Machinese Semantics
Machinese Semantics is a semantic analyzer that provides semantic role recognition as well as grammatical, lexical and sentential semantic features. These include
- recognition of the multi-word forms as one entity (e.g. would_have_been_informed)
- harmonization of the syntactic structures
- name recognition and classification (person, location, organization)
- semantic feature recognition (human, animate, tool, durative etc.)
- Machinese Semantics includes features that make it especially suitable for use as a source language analyzer in machine translation or in information extraction.
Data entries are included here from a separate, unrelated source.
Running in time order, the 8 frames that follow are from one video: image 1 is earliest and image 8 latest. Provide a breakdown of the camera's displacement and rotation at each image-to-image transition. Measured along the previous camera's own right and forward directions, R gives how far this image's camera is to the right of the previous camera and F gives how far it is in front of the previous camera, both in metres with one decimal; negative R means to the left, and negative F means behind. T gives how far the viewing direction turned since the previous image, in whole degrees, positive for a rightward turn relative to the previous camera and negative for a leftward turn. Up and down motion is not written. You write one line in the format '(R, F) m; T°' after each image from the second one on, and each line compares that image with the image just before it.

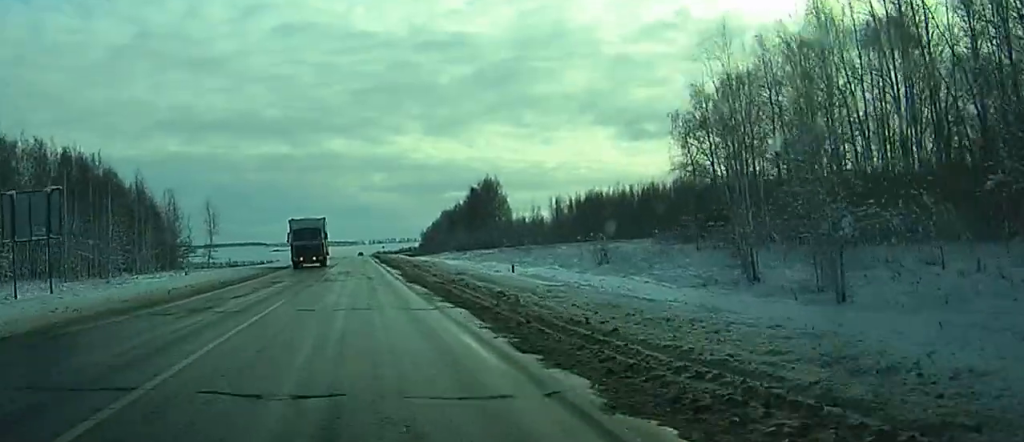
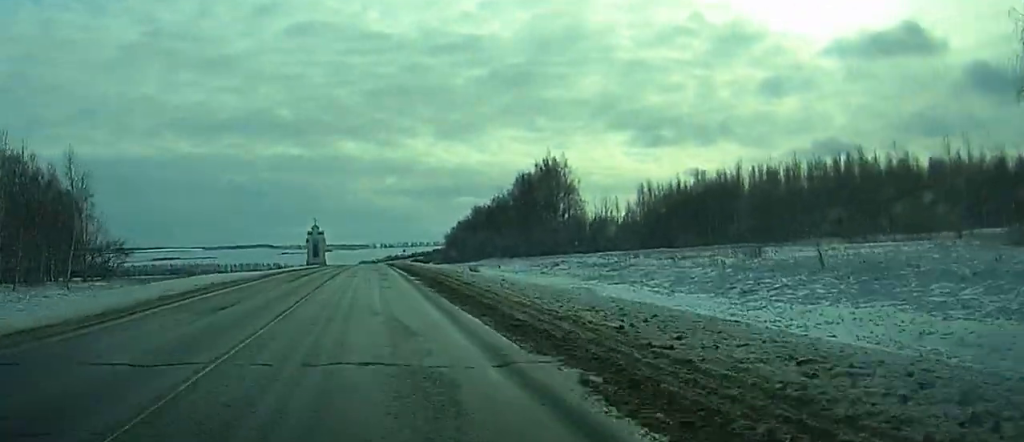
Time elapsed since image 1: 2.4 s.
(-0.2, +69.9) m; 0°
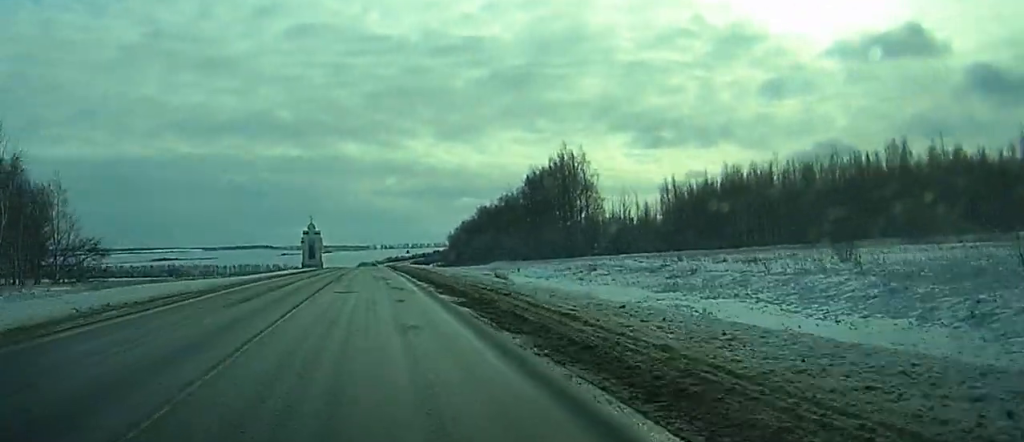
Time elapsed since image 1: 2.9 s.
(0.0, +14.5) m; 0°
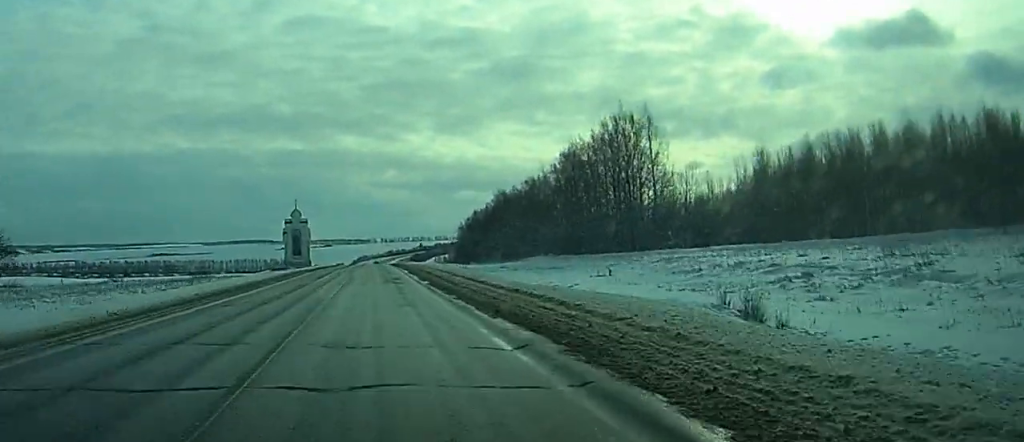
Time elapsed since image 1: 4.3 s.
(0.0, +38.6) m; 0°
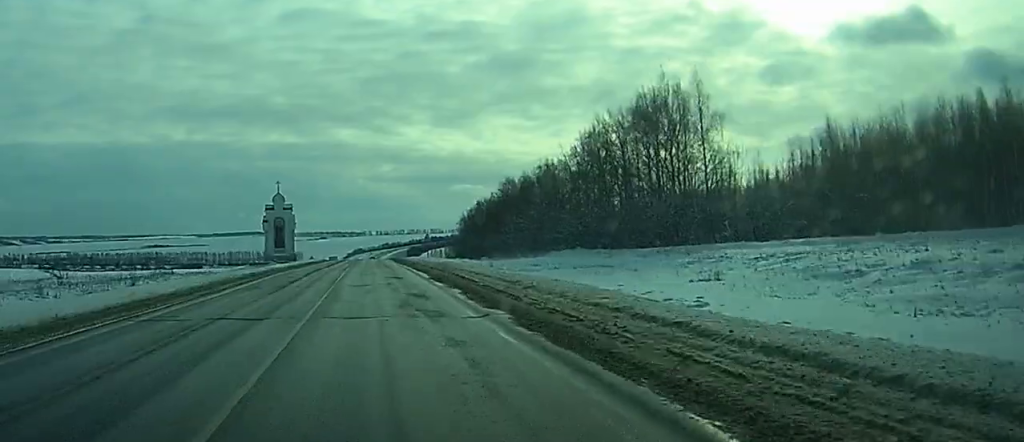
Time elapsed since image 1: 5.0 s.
(0.0, +21.1) m; 0°
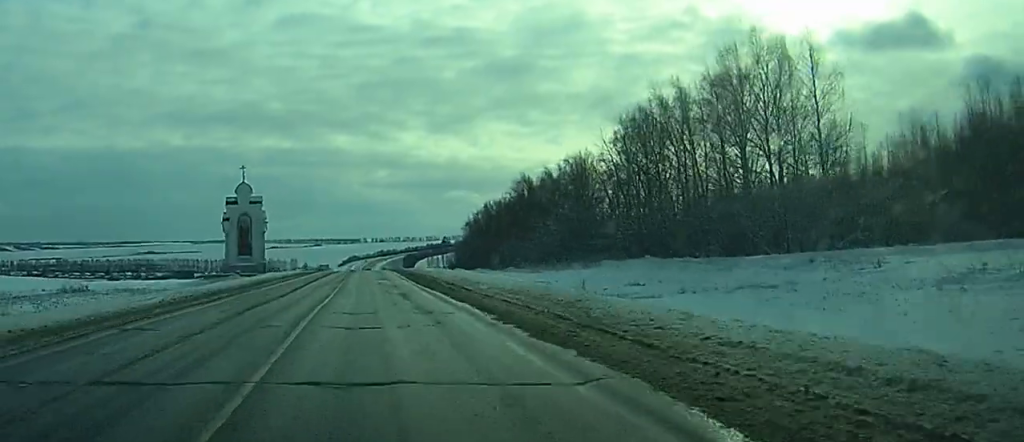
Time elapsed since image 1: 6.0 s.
(0.0, +29.4) m; 0°
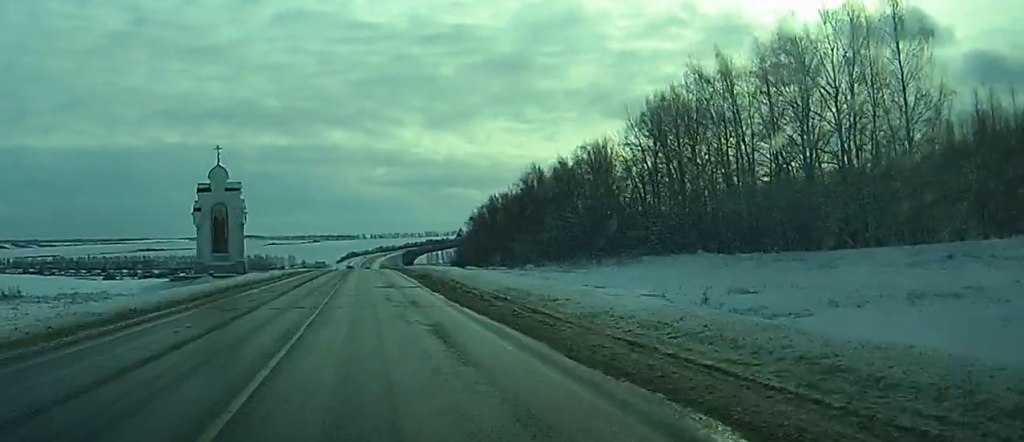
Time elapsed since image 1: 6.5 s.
(0.0, +14.1) m; 0°
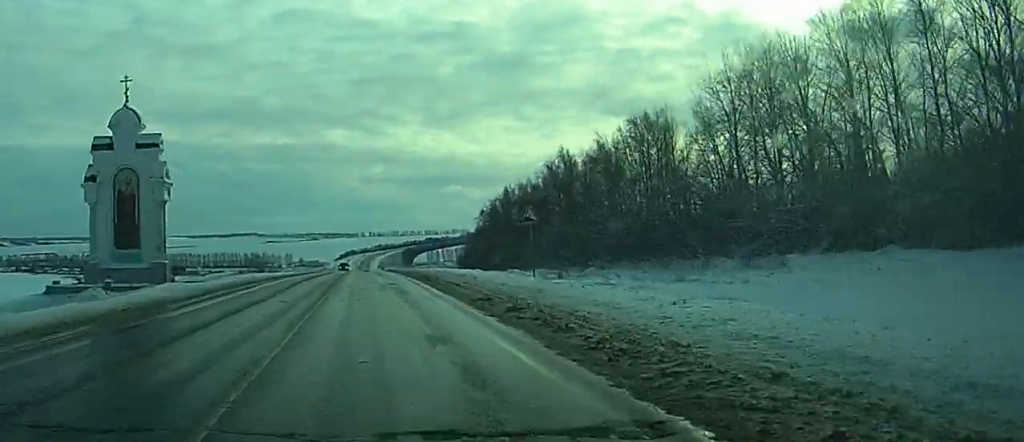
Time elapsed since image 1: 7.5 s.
(0.0, +28.0) m; 0°

The output of Machinese Semantics consists of possibly-recursive attribute-value pairs. Categories are values of the corresponding attribute. Each node in the analysis is a single word or a multiword unit. The parser produces three attributes whose value is a string: word is the running-text token; lemma is the base form of the nucleus; head is printed only in such multi-word units where it is different from the lemma. After that follow the syntax, semantics and linear matrices.
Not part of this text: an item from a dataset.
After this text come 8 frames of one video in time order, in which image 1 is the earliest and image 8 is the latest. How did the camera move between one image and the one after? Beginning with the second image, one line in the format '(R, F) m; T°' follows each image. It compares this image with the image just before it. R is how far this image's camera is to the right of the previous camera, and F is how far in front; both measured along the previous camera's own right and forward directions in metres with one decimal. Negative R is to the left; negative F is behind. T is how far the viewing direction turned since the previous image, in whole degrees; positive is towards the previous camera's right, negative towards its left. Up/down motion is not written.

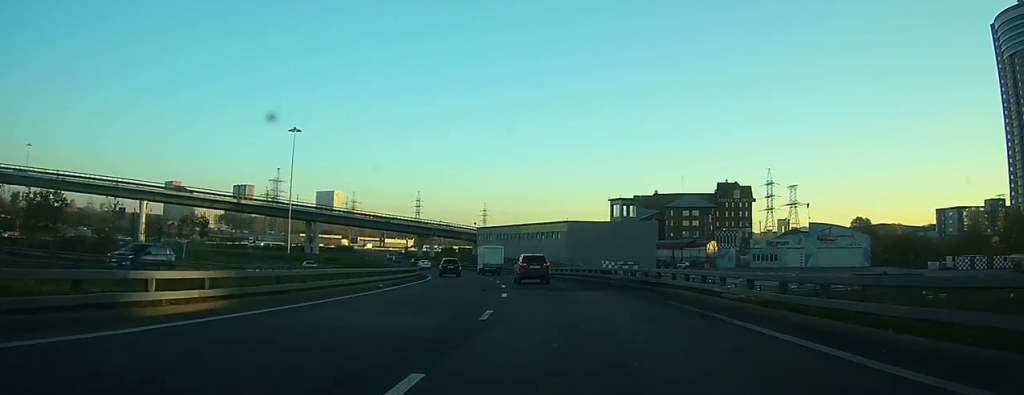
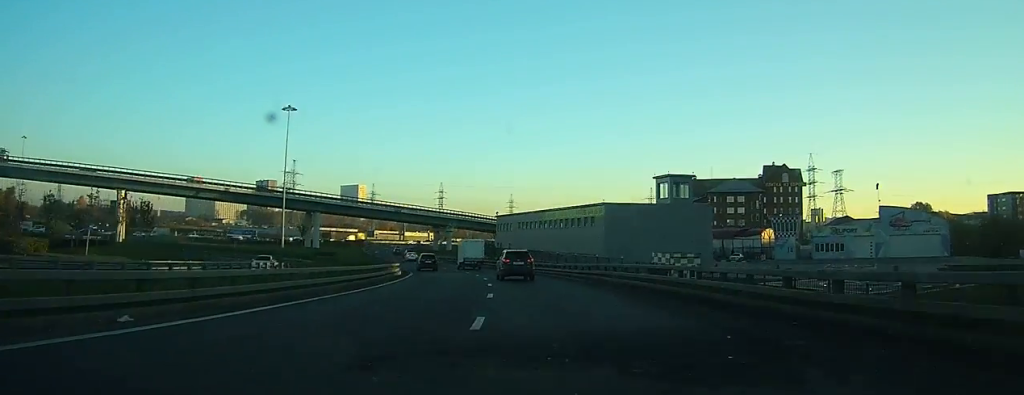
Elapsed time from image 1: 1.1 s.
(0.0, +17.8) m; -2°
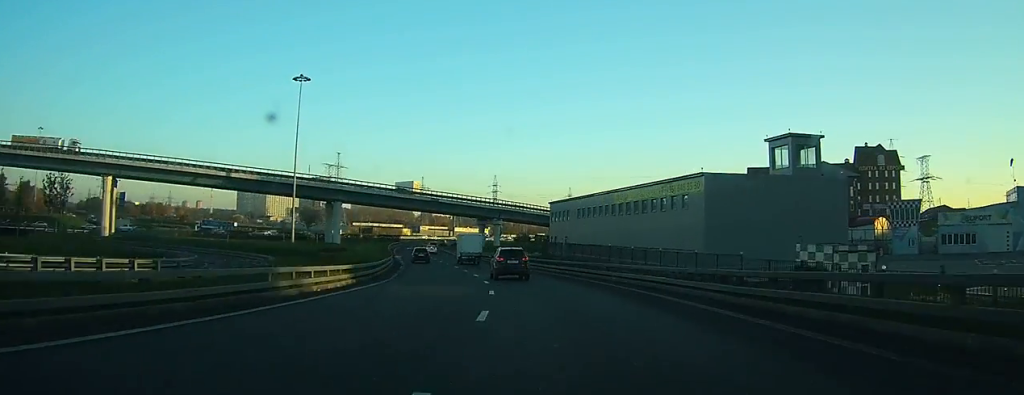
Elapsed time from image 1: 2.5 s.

Here is the Machinese Semantics analysis of the sample sentence “A book was given to John.” as a graphical feature structure presentation:
Click the image above for a larger feature structure.
The backbone of the feature structure is a functional representation of the sentence. It gives a semantic interpretation of the syntactic structure, which means that many language-specific patterns are normalized. For example, the Machinese representation of the sentence “A book was given to John” shows the notional roles object and indirect object that correspond to the similar roles in “Somebody gave John a book”.